Marine Cpl. Felix Ordoquihandy’s name will be etched into a tablet along with 94 Japanese names and installed at the Cornerstone of Peace monument at Peace Memorial Park in Itoman city, Okinawa, June 18, 2026. (Fighting Basques)
The last of six Basque-American troops killed during the Battle of Okinawa will soon join nearly 250,000 other names on a memorial honoring those who died in one of World War II’s bloodiest fights.
Marine Cpl. Felix Ordoquihandy’s name, along with 94 Japanese names, will be etched into tablets and placed Thursday at the Cornerstone of Peace monument at Peace Memorial Park in Itoman city, Okinawa.
Ordoquihandy is the only American name to be added this year, according to Okinawa prefecture.
Pedro Oiarzabal, principal researcher for the Sancho de Beurko Association’s Fighting Basques project, had been working since 2023 to add the names of six Basque-Americans. The others are Army Staff Sgt. Joseph Uriola; Staff Sgt. Steven Sahargun; Pfc. Alejandro Itcea; Pfc. Dominique Laxague; and Marine Pvt. Lawrence Amoriza.
Through his research, he discovered all but Ordoquihandy were already inscribed, he told Stars and Stripes during a video interview Wednesday. Itcea’s first name was misspelled and will be corrected this year.
“It’s a closing of a very long episode” for the families of the six service members, Oiarzabal said from Bilbao, Spain. “They are able in a meaningful way to come to realize that their loved ones were really loved in Okinawa and they were respectfully honored in a way that they didn’t know anything about.”

Army Pfc. Alejandro Itcea’s name will be corrected on the Cornerstone of Peace Monument at Peace Memorial Park in Itoman city, Okinawa, before the 81st anniversary of the end of World War II’s Battle of Okinawa on June 23, 2026. (Fighting Basques)
The Basque traditionally hail from northern Spain and southern France. About 3 million of them live in what is referred to as Basque country, according to the U.S.-based North American Basque Organizations. Over 52,500 U.S. residents self-identified as Basque in the 2020 census.

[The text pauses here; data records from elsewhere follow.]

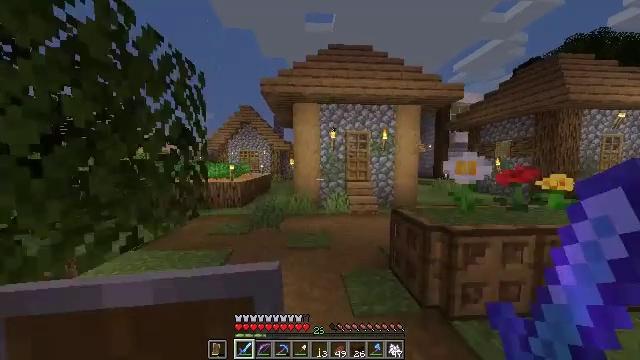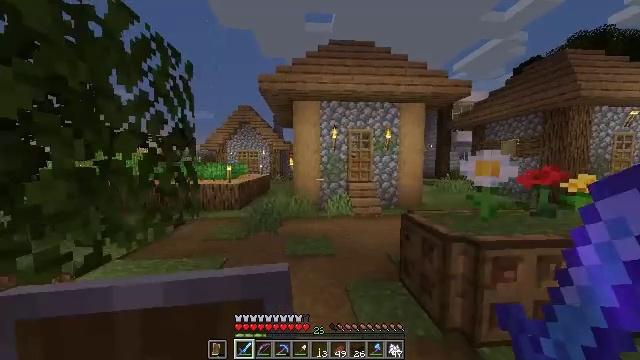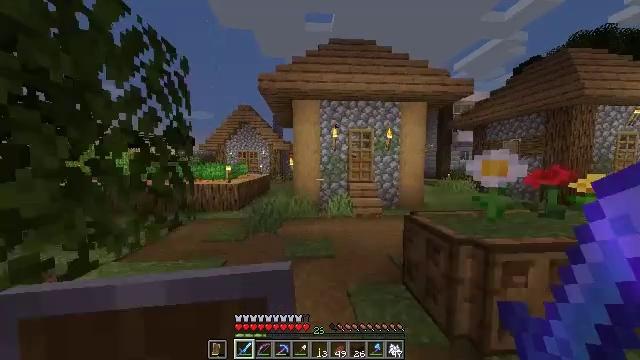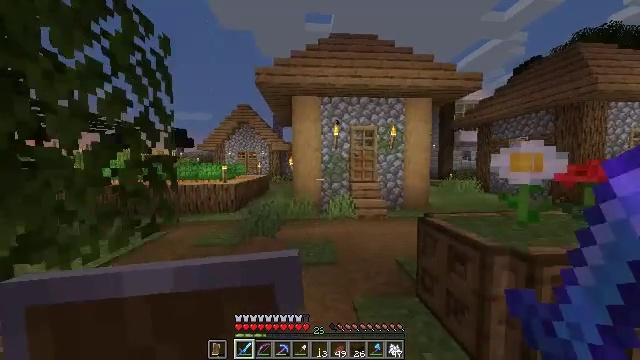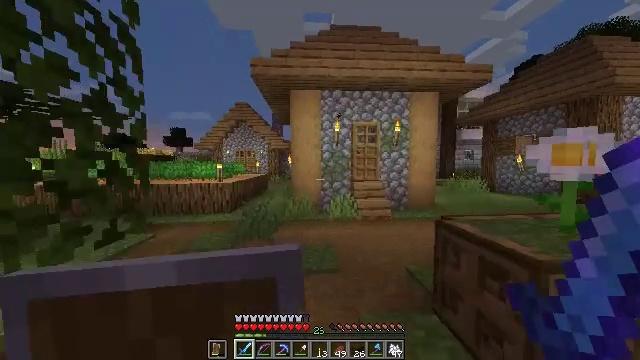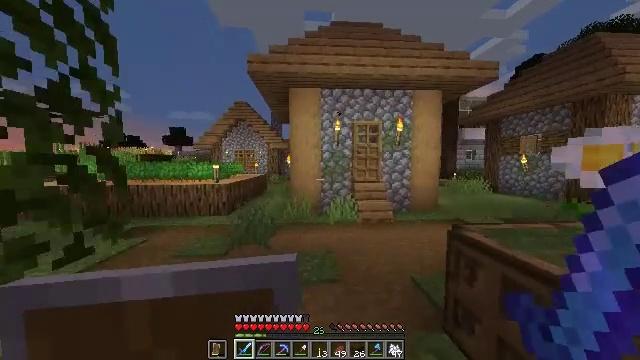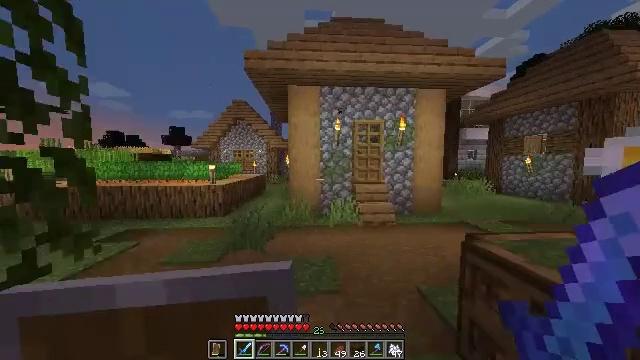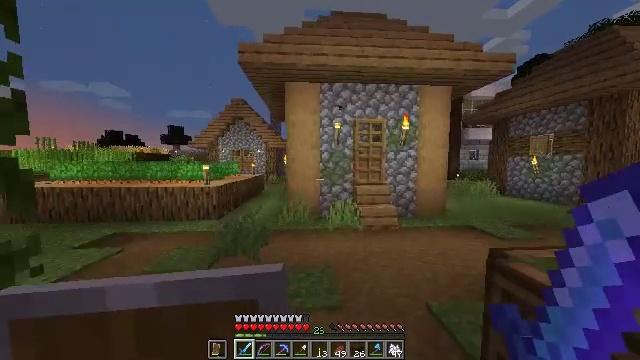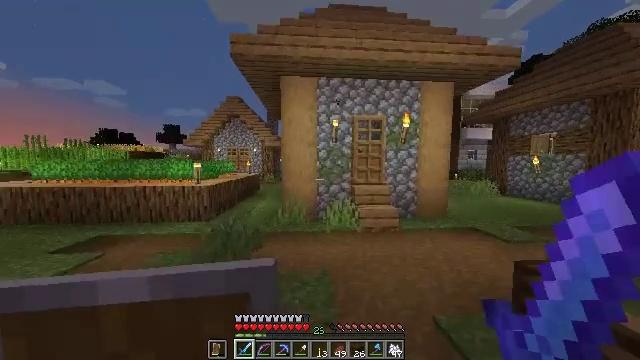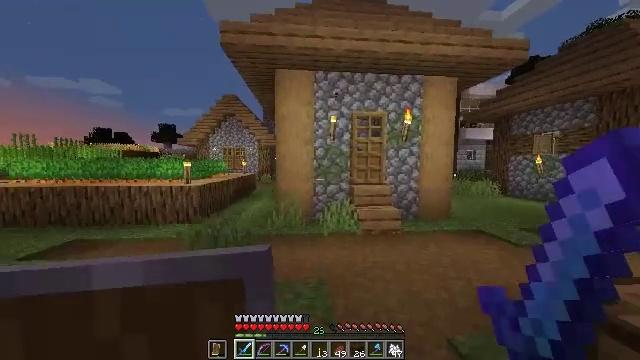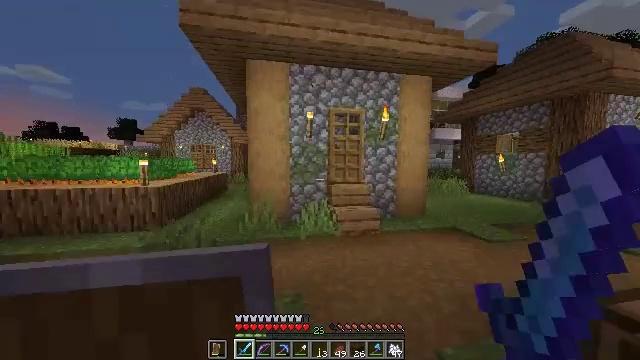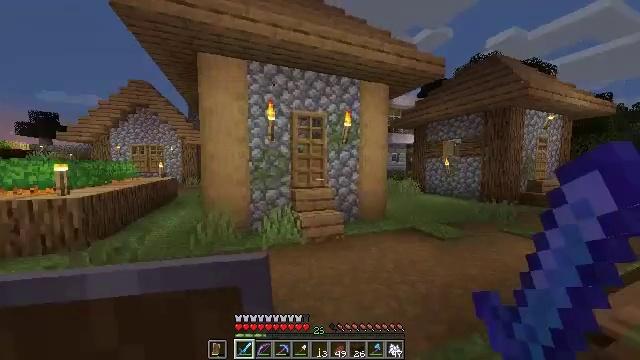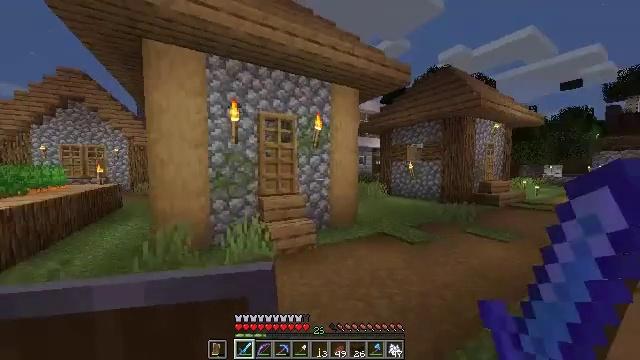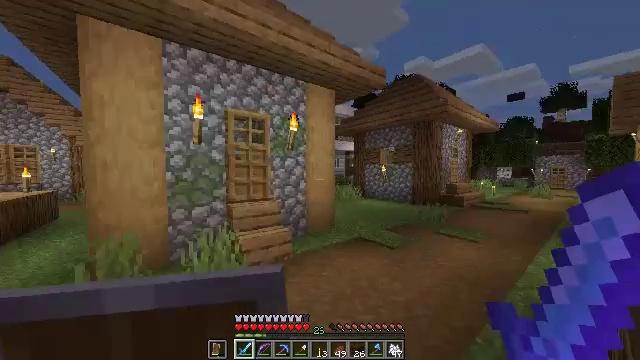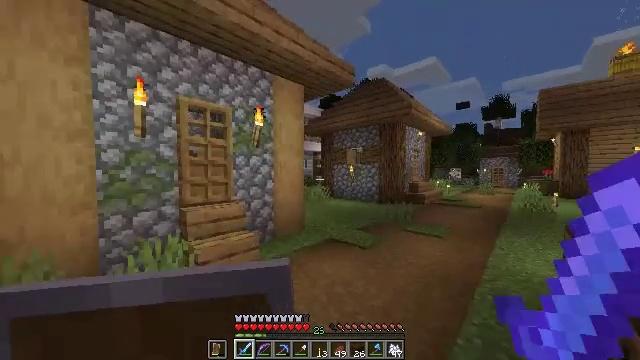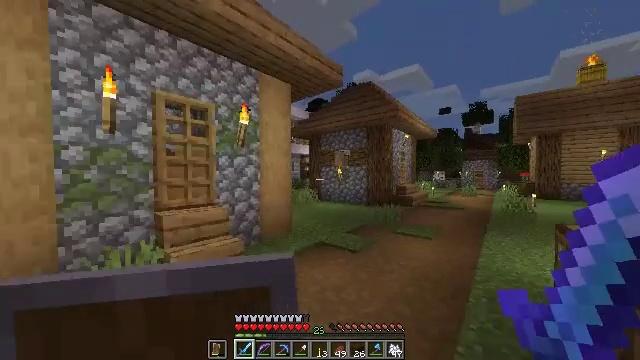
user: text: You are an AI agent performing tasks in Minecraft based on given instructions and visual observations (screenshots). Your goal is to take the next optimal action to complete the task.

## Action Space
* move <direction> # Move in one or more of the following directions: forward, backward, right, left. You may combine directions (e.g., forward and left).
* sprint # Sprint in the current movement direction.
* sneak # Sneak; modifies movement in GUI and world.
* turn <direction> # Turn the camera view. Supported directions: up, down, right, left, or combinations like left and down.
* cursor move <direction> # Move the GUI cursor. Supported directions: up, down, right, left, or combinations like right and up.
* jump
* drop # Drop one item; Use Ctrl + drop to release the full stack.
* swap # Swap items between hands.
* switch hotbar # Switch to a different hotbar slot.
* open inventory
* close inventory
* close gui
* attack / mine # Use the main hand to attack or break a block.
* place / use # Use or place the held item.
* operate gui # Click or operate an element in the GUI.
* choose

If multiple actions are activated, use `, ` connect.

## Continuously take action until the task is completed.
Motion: motion action
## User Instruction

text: craft item air
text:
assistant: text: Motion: move forward
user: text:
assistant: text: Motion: move forward
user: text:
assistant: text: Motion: move forward
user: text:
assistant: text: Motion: move forward
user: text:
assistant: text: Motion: move forward
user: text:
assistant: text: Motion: move forward
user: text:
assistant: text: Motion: move forward
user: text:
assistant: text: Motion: move forward
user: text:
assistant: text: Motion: move forward
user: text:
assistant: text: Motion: move forward, turn right
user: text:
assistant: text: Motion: move forward, turn right
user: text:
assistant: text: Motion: move forward, turn right
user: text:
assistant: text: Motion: move forward, turn right
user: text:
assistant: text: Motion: move forward, sprint, turn right
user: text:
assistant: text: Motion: move forward, sprint, turn right
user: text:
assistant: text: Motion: move forward, turn right
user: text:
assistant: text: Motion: move forward, turn right and down
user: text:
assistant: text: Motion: move forward, turn right
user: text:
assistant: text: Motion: move forward
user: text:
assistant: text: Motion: move forward
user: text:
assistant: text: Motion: move forward
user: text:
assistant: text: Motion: move forward
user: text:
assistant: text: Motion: move forward
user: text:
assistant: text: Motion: move forward
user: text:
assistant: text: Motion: move forward
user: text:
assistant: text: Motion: move forward, turn left
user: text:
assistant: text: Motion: move forward
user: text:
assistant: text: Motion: move forward
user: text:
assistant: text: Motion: move forward
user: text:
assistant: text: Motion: move forward, turn left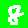
Digit: 8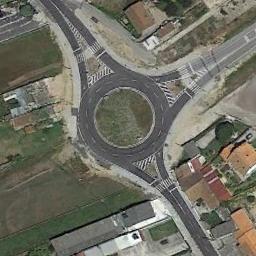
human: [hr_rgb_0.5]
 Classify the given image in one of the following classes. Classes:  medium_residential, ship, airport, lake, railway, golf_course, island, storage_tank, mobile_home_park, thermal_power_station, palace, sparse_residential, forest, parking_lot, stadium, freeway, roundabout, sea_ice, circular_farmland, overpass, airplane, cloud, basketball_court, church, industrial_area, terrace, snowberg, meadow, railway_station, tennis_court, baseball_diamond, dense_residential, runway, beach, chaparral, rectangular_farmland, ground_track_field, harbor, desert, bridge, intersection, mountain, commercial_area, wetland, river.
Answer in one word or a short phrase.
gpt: roundabout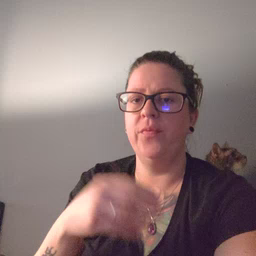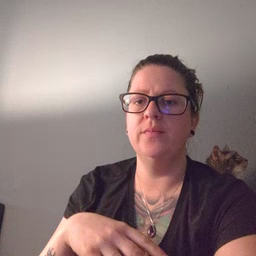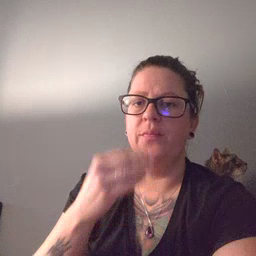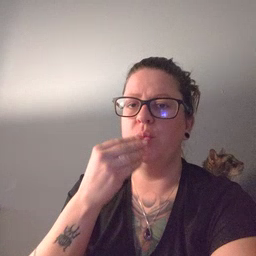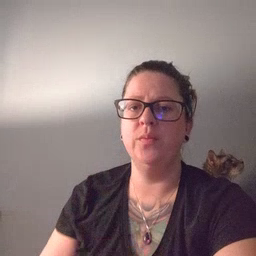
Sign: food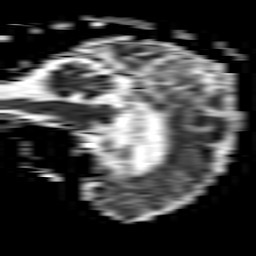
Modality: ADC
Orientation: sagittal
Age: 82
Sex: female
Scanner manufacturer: philips
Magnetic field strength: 1.5 T
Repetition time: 4.6 s
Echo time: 0.0745 s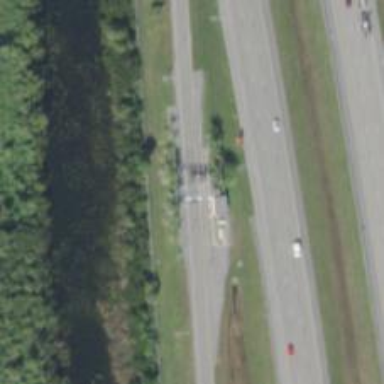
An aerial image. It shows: Toll gantry on the road.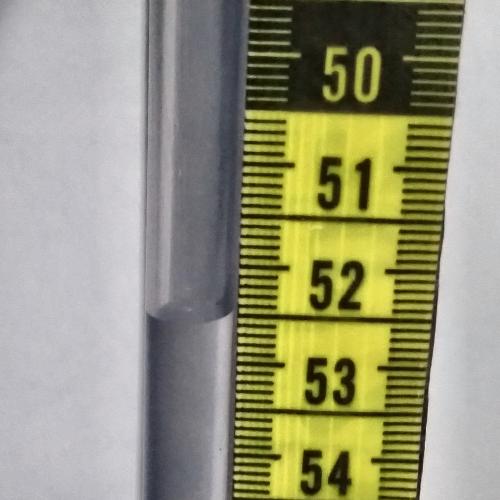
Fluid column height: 52.5 cm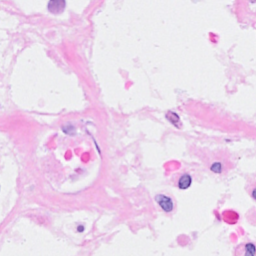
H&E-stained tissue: Breast
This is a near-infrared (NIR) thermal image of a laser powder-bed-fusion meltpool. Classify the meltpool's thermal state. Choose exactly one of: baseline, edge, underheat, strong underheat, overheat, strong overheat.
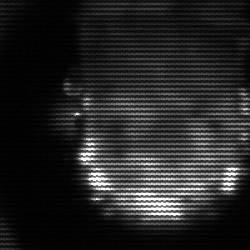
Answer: baseline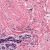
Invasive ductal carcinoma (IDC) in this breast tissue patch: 0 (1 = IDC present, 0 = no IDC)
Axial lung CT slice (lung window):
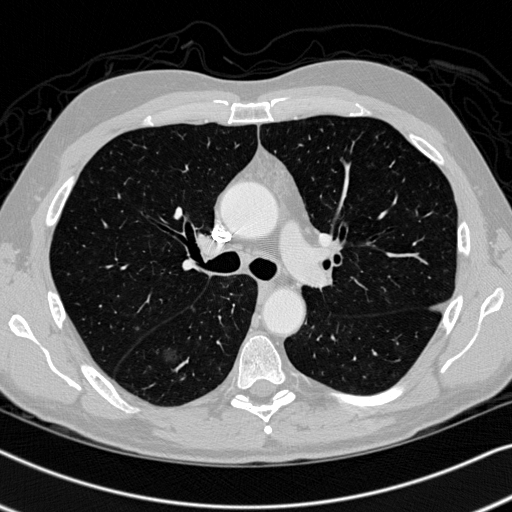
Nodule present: yes
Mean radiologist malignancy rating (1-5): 3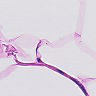
Metastatic tissue present: no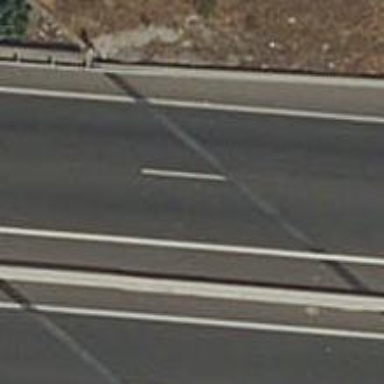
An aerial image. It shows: View of motorway.
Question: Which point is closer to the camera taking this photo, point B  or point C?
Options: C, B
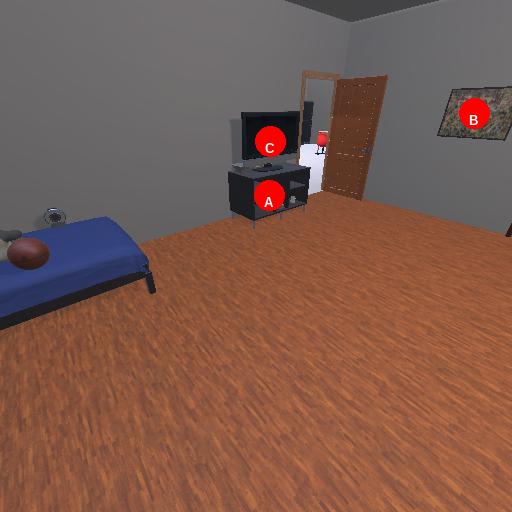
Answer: C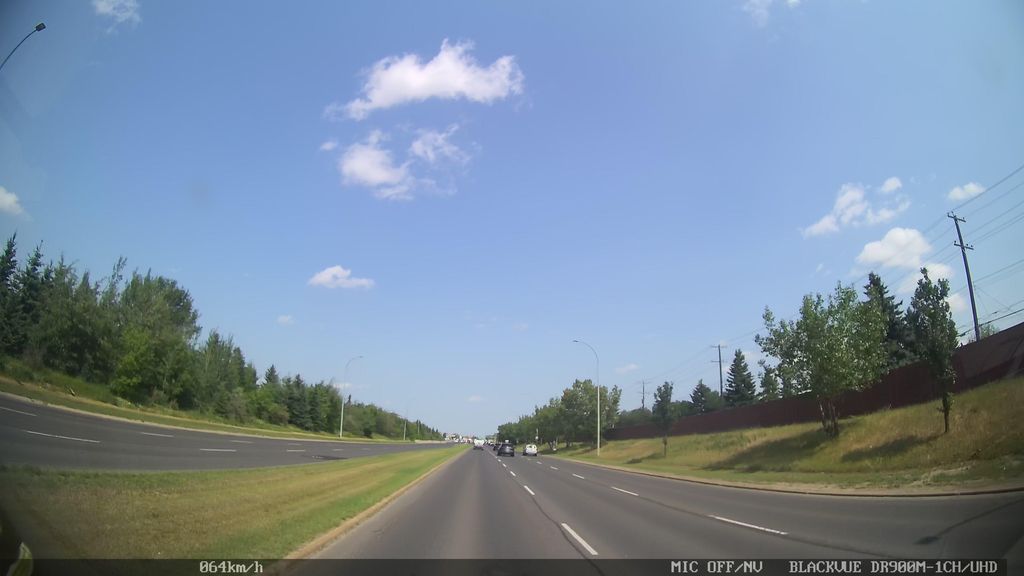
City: edmonton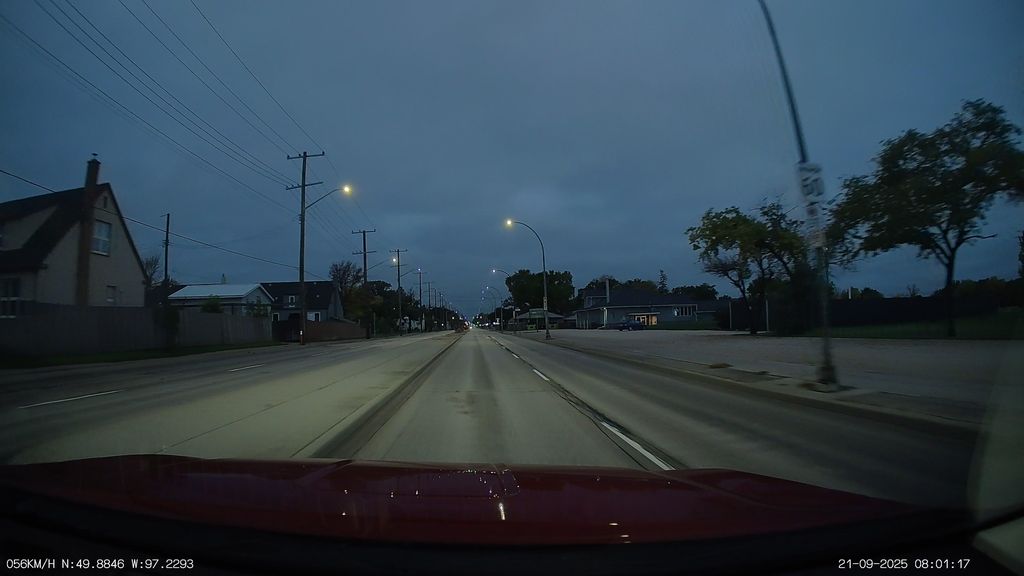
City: winnipeg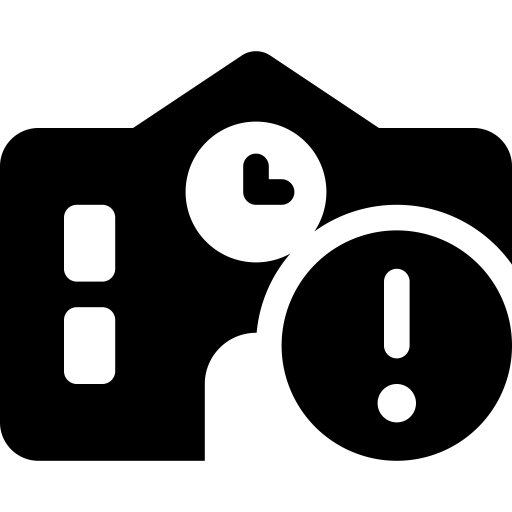
Tags: icon, FontAwesome, fa-icon, solid, school, circle, exclamation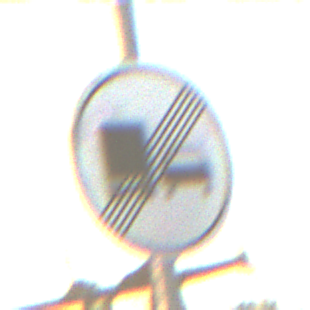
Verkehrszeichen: EndeUeberholverbotKraftfahrzeuge
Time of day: SunriseSunset
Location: Outdoor (Suburban)
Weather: PartlyCloudy
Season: NotSpecified
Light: Natural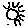
Label: sun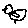
Label: bird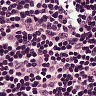
Metastatic tissue present: no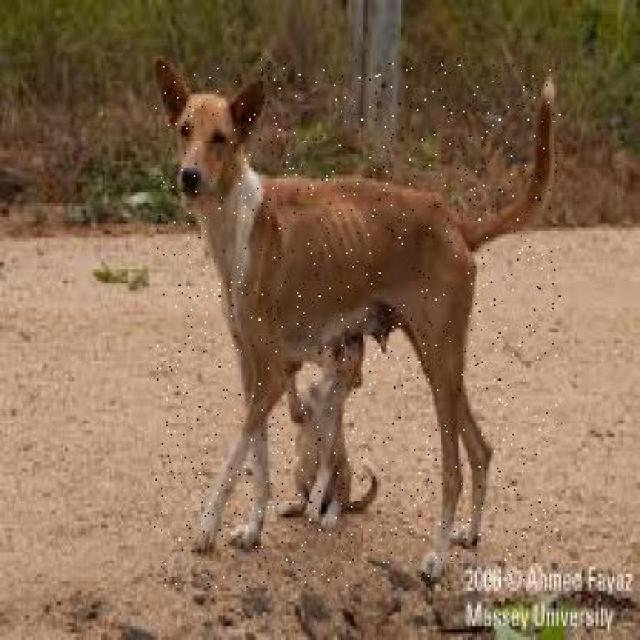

The Cornerstone of Peace, built in 1995, displays the names of 14,012 Americans and 228,068 Japanese who died during or just after the fighting.
The Battle of Okinawa began April 1, 1945, and lasted 82 days. More than 14,000 Americans, about 110,000 Japanese troops and at least 140,000 Okinawan civilians were killed during or after the fighting.
Ordoquihandy was born in San Francisco on March 7, 1926, the son of immigrants from the Basque province of Zuberoa, France, according to his Fighting Basques biography. His father served with the U.S. Army in World War I.
He enlisted in the Marine Corps Reserve on May 20, 1944, and served with I Company, 3rd Battalion, 5th Marine Regiment, 1st Marine Division, during the battles of Peleliu and Okinawa, according to his casualty report.
He drowned July 17, 1945, at age 19 after falling from the tank landing ship USS LST 953 offshore of Okinawa, according to the report. His body was not recovered.
“[It was] a terrible tragedy after surviving two of the most terrible war incidents during the Pacific war,” Oiarzabal said.
Ordoquihandy was posthumously awarded the Bronze Star with combat “V” for his “courage and outstanding devotion to duty” as a runner on May 27, 1945, according to an article published in the San Francisco Chronicle on June 30, 1947.
Oiarzabal obtained Ordoquihandy’s casualty report and other documents via Freedom of Information Act requests and submitted them to the prefecture, which approved the addition in March.
Two of Itcea’s nieces will travel from California to Okinawa for Irei No Hi, Okinawa’s memorial day on June 23. This year marks the 81st anniversary of the battle’s end.
Ordoquihandy has no living relatives, Oiarzabal said.
“It’s the Okinawan people taking care of that name now,” he said. “So, he will never be [left alone] again.”